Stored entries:

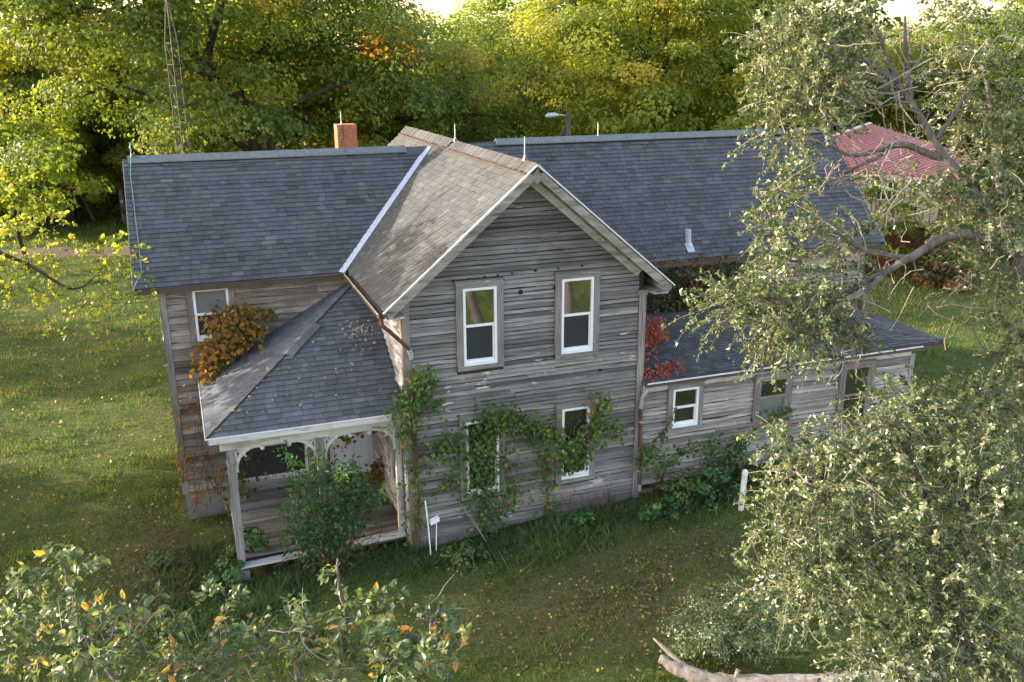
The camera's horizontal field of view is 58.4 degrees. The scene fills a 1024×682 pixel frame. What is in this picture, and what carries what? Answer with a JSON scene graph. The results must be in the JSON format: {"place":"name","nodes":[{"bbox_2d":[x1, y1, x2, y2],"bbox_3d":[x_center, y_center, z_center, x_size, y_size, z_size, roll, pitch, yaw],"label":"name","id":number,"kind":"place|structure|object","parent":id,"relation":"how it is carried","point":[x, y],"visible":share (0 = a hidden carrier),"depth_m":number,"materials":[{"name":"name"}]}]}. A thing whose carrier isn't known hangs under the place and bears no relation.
{"place":"outdoors","nodes":[
{"label":"outdoors","id":0,"kind":"place"},
{"bbox_2d":[0,63,1023,681],"bbox_3d":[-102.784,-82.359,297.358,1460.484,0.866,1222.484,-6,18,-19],"label":"ground","id":1,"kind":"structure","parent":0,"point":[128,443],"depth_m":18.62,"materials":[{"name":"green plant"}]},
{"bbox_2d":[0,5,67,164],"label":"maple tree","id":2,"kind":"object","parent":1,"relation":"on","point":[18,74],"visible":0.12,"depth_m":47.65,"materials":[{"name":"green plant"}]},
{"bbox_2d":[0,101,115,272],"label":"young maple tree","id":3,"kind":"object","parent":1,"relation":"on","point":[54,176],"visible":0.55,"depth_m":40.15,"materials":[{"name":"green plant"}]},
{"bbox_2d":[0,165,125,220],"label":"undergrowth","id":4,"kind":"object","parent":1,"relation":"on","point":[62,188],"visible":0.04,"depth_m":54.01,"materials":[{"name":"green plant"}]},
{"bbox_2d":[0,246,129,258],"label":"dirt track","id":5,"kind":"structure","parent":1,"relation":"on","point":[61,253],"depth_m":45.80,"materials":[{"name":"beige soil"}]},
{"bbox_2d":[0,13,145,224],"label":"maple tree","id":6,"kind":"object","parent":1,"relation":"on","point":[89,166],"visible":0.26,"depth_m":51.82,"materials":[{"name":"green plant"}]},
{"bbox_2d":[49,121,97,220],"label":"sapling","id":7,"kind":"object","parent":1,"relation":"on","point":[88,209],"visible":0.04,"depth_m":54.52,"materials":[{"name":"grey plant"}]},
{"bbox_2d":[0,169,156,340],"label":"maple tree","id":8,"kind":"object","parent":1,"relation":"on","point":[18,261],"visible":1,"depth_m":15.05,"materials":[{"name":"yellow plant"}]},
{"bbox_2d":[107,163,126,221],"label":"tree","id":9,"kind":"object","parent":1,"relation":"on","point":[122,201],"visible":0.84,"depth_m":54.08,"materials":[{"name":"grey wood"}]},
{"bbox_2d":[3,1,235,205],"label":"maple tree","id":10,"kind":"object","parent":1,"relation":"on","point":[107,165],"visible":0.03,"depth_m":55.02,"materials":[{"name":"green plant"}]},
{"bbox_2d":[146,543,196,566],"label":"weed","id":11,"kind":"object","parent":1,"relation":"on","point":[159,560],"visible":0.91,"depth_m":18.11,"materials":[{"name":"green plant"}]},
{"bbox_2d":[165,0,189,153],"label":"antenna tower","id":12,"kind":"structure","parent":1,"relation":"on","point":[173,64],"depth_m":22.74,"materials":[{"name":"metal"}]},
{"bbox_2d":[111,30,260,170],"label":"maple tree","id":13,"kind":"object","parent":1,"relation":"on","point":[146,87],"visible":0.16,"depth_m":50.36,"materials":[{"name":"green plant"}]},
{"bbox_2d":[196,553,248,595],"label":"weed","id":14,"kind":"object","parent":1,"relation":"on","point":[229,580],"visible":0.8,"depth_m":17.22,"materials":[{"name":"green plant"}]},
{"bbox_2d":[0,0,469,191],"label":"maple tree","id":15,"kind":"object","parent":1,"relation":"on","point":[64,25],"visible":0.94,"depth_m":37.67,"materials":[{"name":"green plant"}]},
{"bbox_2d":[0,541,473,681],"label":"pear tree","id":16,"kind":"object","parent":1,"relation":"on","point":[345,624],"visible":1,"depth_m":5.53,"materials":[{"name":"green plant"}]},
{"bbox_2d":[125,0,348,128],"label":"dark tree","id":17,"kind":"object","parent":1,"relation":"on","point":[219,31],"visible":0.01,"depth_m":58.30,"materials":[{"name":"green plant"}]},
{"bbox_2d":[265,440,399,574],"bbox_3d":[-3.366,3.145,17.520,2.560,2.971,1.510,-6,18,-19],"label":"shrub","id":18,"kind":"object","parent":1,"relation":"on","point":[341,538],"visible":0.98,"depth_m":17.39,"materials":[{"name":"green plant"}]},
{"bbox_2d":[113,481,618,612],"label":"dead stems","id":19,"kind":"object","parent":1,"relation":"on","point":[354,554],"visible":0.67,"depth_m":18.13,"materials":[{"name":"plant"}]},
{"bbox_2d":[207,0,559,151],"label":"maple tree","id":20,"kind":"object","parent":1,"relation":"on","point":[466,114],"visible":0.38,"depth_m":44.62,"materials":[{"name":"green plant"}]},
{"bbox_2d":[425,500,439,555],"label":"white vent pipes","id":21,"kind":"object","parent":1,"relation":"on","point":[435,519],"visible":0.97,"depth_m":17.89,"materials":[{"name":"white plastic"}]},
{"bbox_2d":[359,56,511,142],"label":"maple tree","id":22,"kind":"object","parent":1,"relation":"on","point":[501,126],"visible":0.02,"depth_m":60.60,"materials":[{"name":"green plant"}]},
{"bbox_2d":[440,539,489,573],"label":"weed","id":23,"kind":"object","parent":1,"relation":"on","point":[461,562],"visible":0.99,"depth_m":17.65,"materials":[{"name":"green plant"}]},
{"bbox_2d":[459,501,486,541],"bbox_3d":[-0.785,3.621,18.325,0.591,0.816,0.034,5,18,18],"label":"stick","id":24,"kind":"object","parent":1,"relation":"on","point":[473,522],"visible":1,"depth_m":18.31,"materials":[{"name":"wood"}]},
{"bbox_2d":[416,0,597,141],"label":"tree","id":25,"kind":"object","parent":1,"relation":"on","point":[483,34],"visible":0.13,"depth_m":65.39,"materials":[{"name":"green plant"}]},
{"bbox_2d":[0,465,1017,681],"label":"leaf litter","id":26,"kind":"object","parent":1,"relation":"on","point":[539,631],"visible":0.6,"depth_m":16.35,"materials":[{"name":"plant"}]},
{"bbox_2d":[0,269,1018,681],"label":"fallen leaves","id":27,"kind":"object","parent":1,"relation":"on","point":[234,545],"visible":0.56,"depth_m":19.35,"materials":[{"name":"yellow plant"}]},
{"bbox_2d":[9,24,1023,198],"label":"distant wood","id":28,"kind":"object","parent":1,"relation":"on","point":[989,186],"visible":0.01,"depth_m":66.79,"materials":[{"name":"green plant"}]},
{"bbox_2d":[122,111,947,579],"bbox_3d":[0.787,-1.170,22.728,18.645,8.850,9.857,-6,18,-19],"label":"farmhouse","id":29,"kind":"object","parent":1,"relation":"on","point":[524,275],"visible":0.86,"depth_m":19.17,"materials":[{"name":"wood"}]},
{"bbox_2d":[167,384,230,516],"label":"creeper","id":30,"kind":"object","parent":29,"relation":"attached to","point":[200,458],"visible":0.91,"depth_m":19.58,"materials":[{"name":"orange plant"}]},
{"bbox_2d":[185,295,278,393],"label":"creeper","id":31,"kind":"object","parent":29,"relation":"attached to","point":[238,322],"visible":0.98,"depth_m":18.69,"materials":[{"name":"orange plant"}]},
{"bbox_2d":[226,524,273,554],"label":"weed","id":32,"kind":"object","parent":29,"relation":"on","point":[254,538],"visible":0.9,"depth_m":17.73,"materials":[{"name":"green plant"}]},
{"bbox_2d":[214,431,385,516],"bbox_3d":[-4.365,2.195,19.155,3.757,3.679,2.181,-6,18,-19],"label":"creeper","id":33,"kind":"object","parent":29,"relation":"attached to","point":[376,471],"visible":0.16,"depth_m":19.90,"materials":[{"name":"orange plant"}]},
{"bbox_2d":[329,431,374,476],"bbox_3d":[-3.641,2.029,20.749,1.027,2.140,0.042,-6,18,-19],"label":"door","id":34,"kind":"structure","parent":29,"relation":"in","point":[364,447],"depth_m":20.91,"materials":[{"name":"white paint"}]},
{"bbox_2d":[339,316,380,390],"bbox_3d":[-3.054,0.248,18.182,0.723,1.048,1.731,-4,18,-12],"label":"roof debris","id":35,"kind":"object","parent":29,"relation":"on","point":[361,330],"visible":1,"depth_m":18.58,"materials":[{"name":"beige plant"}]},
{"bbox_2d":[381,362,445,547],"bbox_3d":[-1.821,2.293,17.521,1.270,3.853,0.439,-9,19,-27],"label":"creeper","id":36,"kind":"object","parent":29,"relation":"attached to","point":[421,384],"visible":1,"depth_m":17.27,"materials":[{"name":"green plant"}]},
{"bbox_2d":[410,392,535,540],"bbox_3d":[-0.708,2.703,18.064,2.593,3.458,0.446,-6,18,-19],"label":"creeper","id":37,"kind":"object","parent":29,"relation":"attached to","point":[489,421],"visible":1,"depth_m":18.06,"materials":[{"name":"green plant"}]},
{"bbox_2d":[231,304,875,412],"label":"fallen leaves","id":38,"kind":"object","parent":29,"relation":"on","point":[249,396],"visible":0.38,"depth_m":17.84,"materials":[{"name":"brown plant"}]},
{"bbox_2d":[499,391,633,522],"bbox_3d":[1.109,2.482,18.688,3.167,2.955,0.458,-6,18,-19],"label":"creeper","id":39,"kind":"object","parent":29,"relation":"attached to","point":[537,429],"visible":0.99,"depth_m":18.66,"materials":[{"name":"green plant"}]},
{"bbox_2d":[643,311,685,381],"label":"creeper","id":40,"kind":"object","parent":29,"relation":"attached to","point":[653,331],"visible":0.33,"depth_m":20.09,"materials":[{"name":"red plant"}]},
{"bbox_2d":[644,238,770,315],"bbox_3d":[3.900,-1.186,22.390,5.744,2.355,0.487,-6,18,-19],"label":"ivy","id":41,"kind":"object","parent":29,"relation":"attached to","point":[685,281],"visible":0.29,"depth_m":22.57,"materials":[{"name":"green plant"}]},
{"bbox_2d":[629,402,797,493],"bbox_3d":[4.375,2.286,19.843,3.961,2.028,0.480,-6,18,-17],"label":"creeper","id":42,"kind":"object","parent":29,"relation":"attached to","point":[680,453],"visible":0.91,"depth_m":19.78,"materials":[{"name":"green plant"}]},
{"bbox_2d":[103,433,979,666],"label":"tall grass","id":43,"kind":"structure","parent":1,"relation":"on","point":[539,533],"depth_m":17.95,"materials":[{"name":"green plant"}]},
{"bbox_2d":[545,112,570,135],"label":"street lamp","id":44,"kind":"object","parent":1,"relation":"on","point":[567,128],"visible":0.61,"depth_m":40.05,"materials":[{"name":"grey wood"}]},
{"bbox_2d":[555,508,596,535],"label":"weed","id":45,"kind":"object","parent":1,"relation":"on","point":[575,519],"visible":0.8,"depth_m":18.60,"materials":[{"name":"green plant"}]},
{"bbox_2d":[526,0,701,133],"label":"dark tree","id":46,"kind":"object","parent":1,"relation":"on","point":[573,3],"visible":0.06,"depth_m":63.43,"materials":[{"name":"green plant"}]},
{"bbox_2d":[572,1,690,89],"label":"willow tree","id":47,"kind":"object","parent":1,"relation":"on","point":[600,14],"depth_m":80.06,"materials":[{"name":"green plant"}]},
{"bbox_2d":[636,495,680,520],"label":"weed","id":48,"kind":"object","parent":1,"relation":"on","point":[654,511],"visible":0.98,"depth_m":18.76,"materials":[{"name":"green plant"}]},
{"bbox_2d":[485,0,837,136],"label":"maple tree","id":49,"kind":"object","parent":1,"relation":"on","point":[665,102],"visible":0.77,"depth_m":47.96,"materials":[{"name":"green plant"}]},
{"bbox_2d":[656,471,710,507],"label":"weed","id":50,"kind":"object","parent":1,"relation":"on","point":[673,485],"visible":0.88,"depth_m":19.18,"materials":[{"name":"green plant"}]},
{"bbox_2d":[679,467,740,513],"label":"weed","id":51,"kind":"object","parent":1,"relation":"on","point":[712,494],"visible":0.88,"depth_m":19.18,"materials":[{"name":"green plant"}]},
{"bbox_2d":[656,576,807,669],"bbox_3d":[3.558,4.484,14.642,2.678,1.295,1.865,-6,18,-19],"label":"bush","id":52,"kind":"object","parent":1,"relation":"on","point":[703,635],"visible":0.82,"depth_m":14.32,"materials":[{"name":"green plant"}]},
{"bbox_2d":[738,469,747,510],"bbox_3d":[4.765,3.181,18.921,0.161,1.170,0.122,-6,18,-19],"label":"post","id":53,"kind":"object","parent":1,"relation":"on","point":[743,482],"visible":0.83,"depth_m":18.82,"materials":[{"name":"white paint"}]},
{"bbox_2d":[718,442,775,484],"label":"weed","id":54,"kind":"object","parent":1,"relation":"on","point":[734,465],"visible":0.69,"depth_m":19.81,"materials":[{"name":"green plant"}]},
{"bbox_2d":[653,638,946,681],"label":"log","id":55,"kind":"object","parent":1,"relation":"on","point":[682,669],"visible":0.77,"depth_m":13.82,"materials":[{"name":"beige wood"}]},
{"bbox_2d":[768,430,837,475],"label":"weed","id":56,"kind":"object","parent":1,"relation":"on","point":[778,460],"visible":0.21,"depth_m":20.16,"materials":[{"name":"green plant"}]},
{"bbox_2d":[703,0,903,127],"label":"dark tree","id":57,"kind":"object","parent":1,"relation":"on","point":[887,23],"visible":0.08,"depth_m":54.02,"materials":[{"name":"green plant"}]},
{"bbox_2d":[660,0,1023,476],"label":"apple tree","id":58,"kind":"object","parent":1,"relation":"on","point":[1002,224],"visible":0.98,"depth_m":10.91,"materials":[{"name":"green plant"}]},
{"bbox_2d":[718,363,1023,681],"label":"apple tree","id":59,"kind":"object","parent":1,"relation":"on","point":[967,631],"visible":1,"depth_m":9.68,"materials":[{"name":"green plant"}]},
{"bbox_2d":[856,167,932,276],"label":"bush","id":60,"kind":"object","parent":1,"relation":"on","point":[903,210],"visible":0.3,"depth_m":38.53,"materials":[{"name":"green plant"}]},
{"bbox_2d":[833,122,982,267],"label":"barn","id":61,"kind":"structure","parent":1,"relation":"on","point":[873,138],"depth_m":41.45,"materials":[{"name":"red metal"}]},
{"bbox_2d":[875,181,898,200],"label":"window","id":62,"kind":"structure","parent":61,"relation":"in","point":[889,184],"depth_m":40.15,"materials":[{"name":"white glass"}]},
{"bbox_2d":[836,22,993,156],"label":"maple tree","id":63,"kind":"object","parent":1,"relation":"on","point":[888,112],"visible":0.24,"depth_m":60.15,"materials":[{"name":"green plant"}]},
{"bbox_2d":[883,196,985,279],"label":"bush","id":64,"kind":"object","parent":1,"relation":"on","point":[917,237],"visible":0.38,"depth_m":38.21,"materials":[{"name":"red plant"}]},
{"bbox_2d":[869,7,1023,146],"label":"maple tree","id":65,"kind":"object","parent":1,"relation":"on","point":[924,34],"visible":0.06,"depth_m":66.37,"materials":[{"name":"green plant"}]},
{"bbox_2d":[908,254,989,290],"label":"bush","id":66,"kind":"object","parent":1,"relation":"on","point":[933,275],"visible":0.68,"depth_m":37.08,"materials":[{"name":"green plant"}]},
{"bbox_2d":[932,0,1023,172],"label":"maple tree","id":67,"kind":"object","parent":1,"relation":"on","point":[990,30],"visible":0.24,"depth_m":58.17,"materials":[{"name":"green plant"}]},
{"bbox_2d":[0,0,1023,62],"label":"sky","id":68,"kind":"structure","parent":0,"point":[898,8],"materials":[{"name":"white"}]}
]}

#### EXERCISE INSTRUCTIONS
Run a filter over the data above and keep each line that contains the word "bush".

#### PROBLEM SOLUTION
{"bbox_2d":[656,576,807,669],"bbox_3d":[3.558,4.484,14.642,2.678,1.295,1.865,-6,18,-19],"label":"bush","id":52,"kind":"object","parent":1,"relation":"on","point":[703,635],"visible":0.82,"depth_m":14.32,"materials":[{"name":"green plant"}]},
{"bbox_2d":[856,167,932,276],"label":"bush","id":60,"kind":"object","parent":1,"relation":"on","point":[903,210],"visible":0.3,"depth_m":38.53,"materials":[{"name":"green plant"}]},
{"bbox_2d":[883,196,985,279],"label":"bush","id":64,"kind":"object","parent":1,"relation":"on","point":[917,237],"visible":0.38,"depth_m":38.21,"materials":[{"name":"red plant"}]},
{"bbox_2d":[908,254,989,290],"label":"bush","id":66,"kind":"object","parent":1,"relation":"on","point":[933,275],"visible":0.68,"depth_m":37.08,"materials":[{"name":"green plant"}]},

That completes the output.